On 2 January 2025, a two-judge Bench of the Supreme Court held that where the State takes possession of land but pays no compensation for the better part of two decades, the prolonged deprivation violates Article 300A — and that although a Special Land Acquisition Officer cannot on his own shift the statutory date for fixing market value, a constitutional court under Articles 32, 226 or 142 may, in exceptional cases of inordinate State delay, direct that market value be reckoned as of a later date. On the facts, the Court fixed the value as on 22 April 2019. A digest of the holding and its place in the Article 300A line.
On 16 May 2024, a two-judge Bench of the Supreme Court held that the constitutional right to property under Article 300A is 'a net of intersecting sub-rights' — and that before depriving a person of property the State must honour seven procedural sub-rights: notice, hearing, a reasoned decision, public purpose, restitution or fair compensation, an efficient and expeditious process, and conclusion. Because Section 352 of the Kolkata Municipal Corporation Act, 1980 prescribes no procedure for acquisition, it can never be a valid power of acquisition, and the purported deprivation was without authority of law. A digest of the holding, the seven sub-rights, and their significance for land-acquisition practice.
On 9 August 2011, a five-judge Constitution Bench led by Chief Justice S.H. Kapadia — with the judgment authored by Justice K.S. Radhakrishnan — upheld the Roerich Estate Acquisition Act 1996 and Section 110 of the Karnataka Land Reforms Act, and in doing so laid down the doctrinal foundation of Article 300A: a law depriving a person of property must be for a public purpose and must be just, fair and reasonable in conformity with the rule of law. Article 300A does not, in terms, mandate compensation, but the phrase 'authority of law' imports rule-of-law safeguards against arbitrary or confiscatory deprivation.

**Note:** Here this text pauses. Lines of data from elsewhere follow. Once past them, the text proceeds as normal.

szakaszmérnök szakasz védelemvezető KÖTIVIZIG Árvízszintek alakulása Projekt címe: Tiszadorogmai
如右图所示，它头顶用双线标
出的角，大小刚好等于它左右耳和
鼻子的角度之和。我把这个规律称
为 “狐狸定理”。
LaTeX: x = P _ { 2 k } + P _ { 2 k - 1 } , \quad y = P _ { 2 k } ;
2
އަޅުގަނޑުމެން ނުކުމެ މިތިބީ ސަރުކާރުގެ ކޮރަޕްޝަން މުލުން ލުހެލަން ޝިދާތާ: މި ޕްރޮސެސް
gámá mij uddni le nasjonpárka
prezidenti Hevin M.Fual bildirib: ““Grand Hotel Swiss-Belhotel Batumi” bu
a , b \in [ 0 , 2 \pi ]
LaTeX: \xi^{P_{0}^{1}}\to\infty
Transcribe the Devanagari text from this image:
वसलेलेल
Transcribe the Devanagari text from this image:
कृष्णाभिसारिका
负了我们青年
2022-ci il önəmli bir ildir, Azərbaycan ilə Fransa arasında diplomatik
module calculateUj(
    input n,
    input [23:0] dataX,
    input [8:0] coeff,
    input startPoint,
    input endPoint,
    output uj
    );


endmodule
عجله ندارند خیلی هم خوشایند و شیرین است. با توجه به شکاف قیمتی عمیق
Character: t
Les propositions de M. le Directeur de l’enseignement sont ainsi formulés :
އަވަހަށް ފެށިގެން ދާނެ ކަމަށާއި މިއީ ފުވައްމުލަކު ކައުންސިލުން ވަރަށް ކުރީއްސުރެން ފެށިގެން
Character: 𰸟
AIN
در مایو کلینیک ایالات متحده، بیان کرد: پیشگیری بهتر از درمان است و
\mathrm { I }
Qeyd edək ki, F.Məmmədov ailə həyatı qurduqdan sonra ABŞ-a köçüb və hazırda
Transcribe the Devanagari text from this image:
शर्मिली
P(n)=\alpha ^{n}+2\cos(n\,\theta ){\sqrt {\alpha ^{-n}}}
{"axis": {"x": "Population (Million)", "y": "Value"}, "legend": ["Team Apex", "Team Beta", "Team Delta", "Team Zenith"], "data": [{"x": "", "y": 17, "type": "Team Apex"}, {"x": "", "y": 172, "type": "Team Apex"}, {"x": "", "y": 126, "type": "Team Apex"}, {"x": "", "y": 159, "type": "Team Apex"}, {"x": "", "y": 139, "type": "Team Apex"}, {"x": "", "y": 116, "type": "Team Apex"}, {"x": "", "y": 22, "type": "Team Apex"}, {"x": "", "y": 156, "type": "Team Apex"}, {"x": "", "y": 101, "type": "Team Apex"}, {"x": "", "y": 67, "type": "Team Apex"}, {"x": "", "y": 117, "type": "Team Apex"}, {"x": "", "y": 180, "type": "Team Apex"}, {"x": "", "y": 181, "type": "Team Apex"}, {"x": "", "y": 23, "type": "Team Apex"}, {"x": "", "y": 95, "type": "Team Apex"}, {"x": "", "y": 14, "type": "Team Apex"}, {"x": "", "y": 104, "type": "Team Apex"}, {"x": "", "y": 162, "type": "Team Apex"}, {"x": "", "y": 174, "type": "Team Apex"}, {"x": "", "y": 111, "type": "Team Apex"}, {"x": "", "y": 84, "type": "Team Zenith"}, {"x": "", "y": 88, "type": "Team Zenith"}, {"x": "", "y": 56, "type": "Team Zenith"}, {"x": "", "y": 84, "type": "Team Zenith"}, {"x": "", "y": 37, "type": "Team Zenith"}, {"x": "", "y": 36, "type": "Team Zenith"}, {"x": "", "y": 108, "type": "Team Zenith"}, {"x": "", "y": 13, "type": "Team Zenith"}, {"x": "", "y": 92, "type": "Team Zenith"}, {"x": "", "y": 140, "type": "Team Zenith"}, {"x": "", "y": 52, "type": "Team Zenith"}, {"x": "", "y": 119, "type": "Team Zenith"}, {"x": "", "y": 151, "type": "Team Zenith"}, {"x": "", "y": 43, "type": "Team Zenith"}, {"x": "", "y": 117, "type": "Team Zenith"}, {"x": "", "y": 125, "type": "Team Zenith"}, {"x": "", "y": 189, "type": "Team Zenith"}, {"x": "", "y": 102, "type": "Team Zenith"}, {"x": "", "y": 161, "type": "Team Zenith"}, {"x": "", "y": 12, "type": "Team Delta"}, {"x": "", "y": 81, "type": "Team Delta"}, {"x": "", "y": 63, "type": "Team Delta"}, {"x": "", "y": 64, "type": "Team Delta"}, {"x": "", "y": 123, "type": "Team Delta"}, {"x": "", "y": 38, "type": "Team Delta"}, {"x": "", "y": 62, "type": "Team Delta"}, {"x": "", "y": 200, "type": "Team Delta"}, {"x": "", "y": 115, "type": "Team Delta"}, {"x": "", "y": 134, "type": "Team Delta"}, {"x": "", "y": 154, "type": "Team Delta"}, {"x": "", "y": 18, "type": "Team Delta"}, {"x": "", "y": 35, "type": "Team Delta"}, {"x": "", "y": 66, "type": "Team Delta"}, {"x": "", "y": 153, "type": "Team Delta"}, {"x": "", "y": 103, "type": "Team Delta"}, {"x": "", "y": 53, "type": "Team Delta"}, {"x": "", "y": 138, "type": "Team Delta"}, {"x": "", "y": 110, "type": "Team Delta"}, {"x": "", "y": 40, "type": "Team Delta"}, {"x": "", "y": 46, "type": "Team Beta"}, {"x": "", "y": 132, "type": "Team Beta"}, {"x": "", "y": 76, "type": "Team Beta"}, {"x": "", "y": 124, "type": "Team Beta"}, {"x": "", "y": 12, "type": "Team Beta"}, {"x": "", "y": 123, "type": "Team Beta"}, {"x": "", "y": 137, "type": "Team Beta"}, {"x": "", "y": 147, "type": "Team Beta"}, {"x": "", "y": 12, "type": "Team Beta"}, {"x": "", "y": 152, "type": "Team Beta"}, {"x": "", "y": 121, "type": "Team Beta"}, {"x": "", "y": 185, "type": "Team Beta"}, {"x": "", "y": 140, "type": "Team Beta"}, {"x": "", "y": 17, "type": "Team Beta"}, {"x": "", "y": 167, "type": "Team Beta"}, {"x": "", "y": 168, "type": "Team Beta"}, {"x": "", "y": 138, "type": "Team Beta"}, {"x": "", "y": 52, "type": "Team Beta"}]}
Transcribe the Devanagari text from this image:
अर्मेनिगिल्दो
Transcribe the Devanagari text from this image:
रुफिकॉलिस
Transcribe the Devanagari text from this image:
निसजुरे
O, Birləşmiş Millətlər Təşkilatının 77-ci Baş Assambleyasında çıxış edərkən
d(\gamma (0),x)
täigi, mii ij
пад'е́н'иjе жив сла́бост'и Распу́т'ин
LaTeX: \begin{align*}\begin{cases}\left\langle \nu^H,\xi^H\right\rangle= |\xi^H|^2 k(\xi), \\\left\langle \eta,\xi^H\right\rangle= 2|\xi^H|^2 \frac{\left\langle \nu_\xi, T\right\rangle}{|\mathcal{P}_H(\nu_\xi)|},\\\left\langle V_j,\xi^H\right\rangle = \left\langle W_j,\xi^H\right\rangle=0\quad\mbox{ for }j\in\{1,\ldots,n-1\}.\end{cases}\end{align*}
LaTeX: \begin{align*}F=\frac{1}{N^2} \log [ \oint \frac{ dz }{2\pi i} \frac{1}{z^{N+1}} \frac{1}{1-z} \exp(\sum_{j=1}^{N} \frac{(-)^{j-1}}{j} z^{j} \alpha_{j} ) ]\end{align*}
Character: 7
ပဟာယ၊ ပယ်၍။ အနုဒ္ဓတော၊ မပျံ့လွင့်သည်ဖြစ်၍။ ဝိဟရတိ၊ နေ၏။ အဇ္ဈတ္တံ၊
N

On 15 April 2011, a two-judge bench of Justices G.S. Singhvi and A.K. Ganguly held that the power under Sections 17(1) and 17(4) of the Land Acquisition Act, 1894, to dispense with the Section 5A objection enquiry is an extraordinary power — available only where the public purpose cannot brook even a few weeks' delay. Acquisition for planned industrial and residential development near Greater Noida, which by its nature takes years, could not justify denying landowners their Section 5A hearing. Once urgency is challenged, the burden falls on the State to justify the dispensation.
In 2011 the Supreme Court refused the State of Haryana's suit to be declared owner of a citizen's land by adverse possession, restored possession to the owner, and delivered a sweeping critique of the doctrine as irrational and disproportionate — reaffirming the right to property as a constitutional and human right.
On 2 November 2012, a two-judge Bench of the Supreme Court held that even after the 44th Constitutional Amendment removed property from the list of fundamental rights, the right to property survives as both a human right in a welfare State and a constitutional right under Article 300A. The State had taken the appellants' land without acquisition or compensation; forcible dispossession without due process, the Court held, is unconstitutional — and the State cannot escape behind the very delay its own default produced.
On 8 January 2020, the Supreme Court held that the forcible dispossession of a citizen from her private property without following due process of law violates both the human right to property and the constitutional right under Article 300A. An illiterate widow's land had been taken for a road in 1967–68 with no acquisition and no compensation. A welfare State, the Court held, cannot plead the bar of limitation against a continuing wrong, nor perfect its title by adverse possession over its own citizen's land.